Ride The Backlash: Guest Blogger Kiko Jones Reviews Lou Reed and Metallica’s Lulu

The First Essential Scary Truth

One of the things that many seem to forget about music criticism—or that of any piece of art or artistic exercise made for public consumption—is that analysis and appreciation should be independent of one’s enjoyment of said work. The merits should supercede the disdain or disappointment it might provoke and the drawbacks should not diminish the pleasure it might bring. In other words, liking it doesn’t necessarily make it good or vice versa. Which should be one of the tenets of basic Music Criticism 101. It’s surprising how many times scribes don’t even come close. Simply unforgivable.

Yet, those of us who are both musicians and write music criticism can be guilty of a certain degree of this transgression. One could argue we are a bit more susceptible to being apologists due to the intimate awareness of what it takes to create within a musical realm. While this is no excuse and its proliferation should not be condoned, it’s an aspect of criticism that needs to be addressed since pushing it aside is hypocritical at the very least. But, without a doubt, having the experience of what it takes, from the ecstasy to the disappointment and every thing else that entails making music, this can be very valuable insight that should not be taken lightly, either.

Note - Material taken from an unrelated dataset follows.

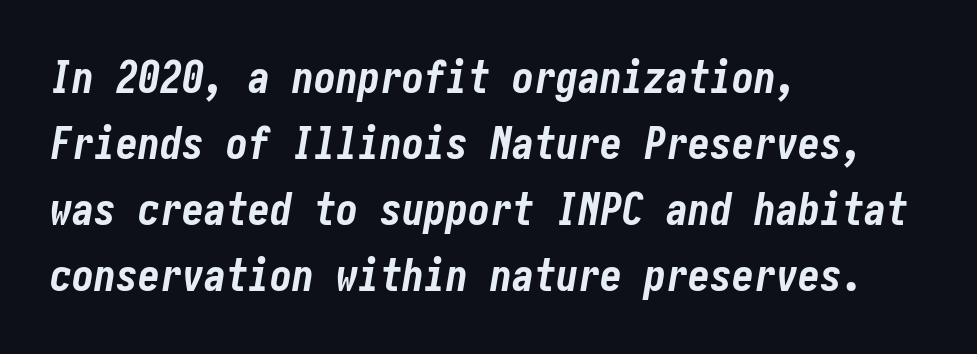
The lettering tilts uniformly, giving the passage an italic look. How would I describe the line gaps? Plain and ordinary. These lines keep a tight, regular rhythm from letter to letter. Weight: bold. Check the space under the baseline: it is left empty.

Three years ago, when Guns ‘n’ Roses finally released their incredibly long-awaited ‘Chinese Democracy’, I got some grief from quite a few of my readers for a review which they felt granted the album undue praise and simply didn’t rip it to shreds, as it allegedly deserved. In reality, I clearly stated the record had quite a few inescapable flaws and miscues and was absolutely nowhere near the kind of album the GnR fan base deserved after a 17-year wait. It was a slightly above average record, to be sure, but ‘Chinese Democracy’ had 2 things going for it that were undeniable: at its best, it recalls the creative heights of the band’s past; and Axl Rose made the record he wanted—record company, fans, bandmates, management, press be damned. And as an artist myself the latter resonated deeply, especially in this time of music and movies being a Madison Ave. commodity; focus grouped to death before they’re actually even completed. Regardless, I did not recoil from pointing out the album’s obvious and damaging faults. And now, as the great Yogi Berra once said, it’s déjà vu all over again.

‘Lulu’, the recently released collaboration between Lou Reed and Metallica has been met with almost universal condemnation by critics and fans alike. (Reed stated in USA Today he’s been the recipient of threats of bodily harm and even death by Metallica fans. We’re talking Lou Reed here, so there’s a chance this statement could be another manifestation of his legendary dark humor. But still, c’mon peeps, chill the fuck out, yo.) Even a cursory listen is enough to deduce this was not an endeavor imbued with contemplations of artistic doubt or commercial considerations: ‘Lulu’ is not an easy listen or one made with the intent to pander in any way, shape or form. And like Rose with ‘Chinese Democracy’, ‘Lulu’ is clearly the album this pairing intended to make. “Fuck you, if you don’t like it”, seems to have been the rallying cry. This is no throwaway, on a lark-type hang: these guys were serious about what they were doing and it shows.

But as laudable an artistic statement as this may be, albums do not exist in a vacuum; certainly not one made by two undeniable giants of popular music. (One of whom has already released what my esteemed host Mr. Zola considers “the greatest fuck you in American musical history.”) ‘Lulu’ is abrasive, indulgent, and at times, falters in the most spectacular of ways. Tellingly, there are moments in which the album comes across as Reese’s Pieces, while at others it’s chocolate and peanut butter kept in 2 separate areas of the same room. And, as its initial reception has clearly demonstrated, it has pissed off fans of both camps. Then again, as we all know, neither the bard and chronicler of Gotham’s seedy underbelly nor the Bay Area metal legends are novices when it comes to confounding and irritating their followers. And at this point in their respective careers, why should they give a fuck about playing it safe? ‘Lulu’ is the intended result of their collaborative efforts and we should take it or leave it. That’s it.

Years ago, I was riding with a bandmate and pseudo former Deadhead who tried to turn me on to some live Dead. Driving around immersed in conversation, at one point I was lured into some of the most transcendent music I’ve ever encountered…followed by some of the worst dreck ever recorded by actual musicians. I’ve related this anecdote to every Deadhead I’ve subsequently met and, surprisingly, they’ve acknowledged feeling the same way numerous times. ‘Lulu’ doesn’t reach those aforementioned heights although it occasionally does approximate those lows. As such, this is not an album to be taken lightly. If you care about either or both of these artists you owe it to yourself to give ‘Lulu’ its due time and attention. At best, you might be rewarded by its more agreeable moments. At worst, you’ll have ample and valid reasons to denounce the damn thing.

Personally, I’m still digesting the record. Of course, I’m the guy who eventually defended and, for the most part, enjoyed ‘St. Anger’ (and the unrepentant noise fest that is Pat Metheny’s ‘Zero Tolerance For Silence’). So there’s that.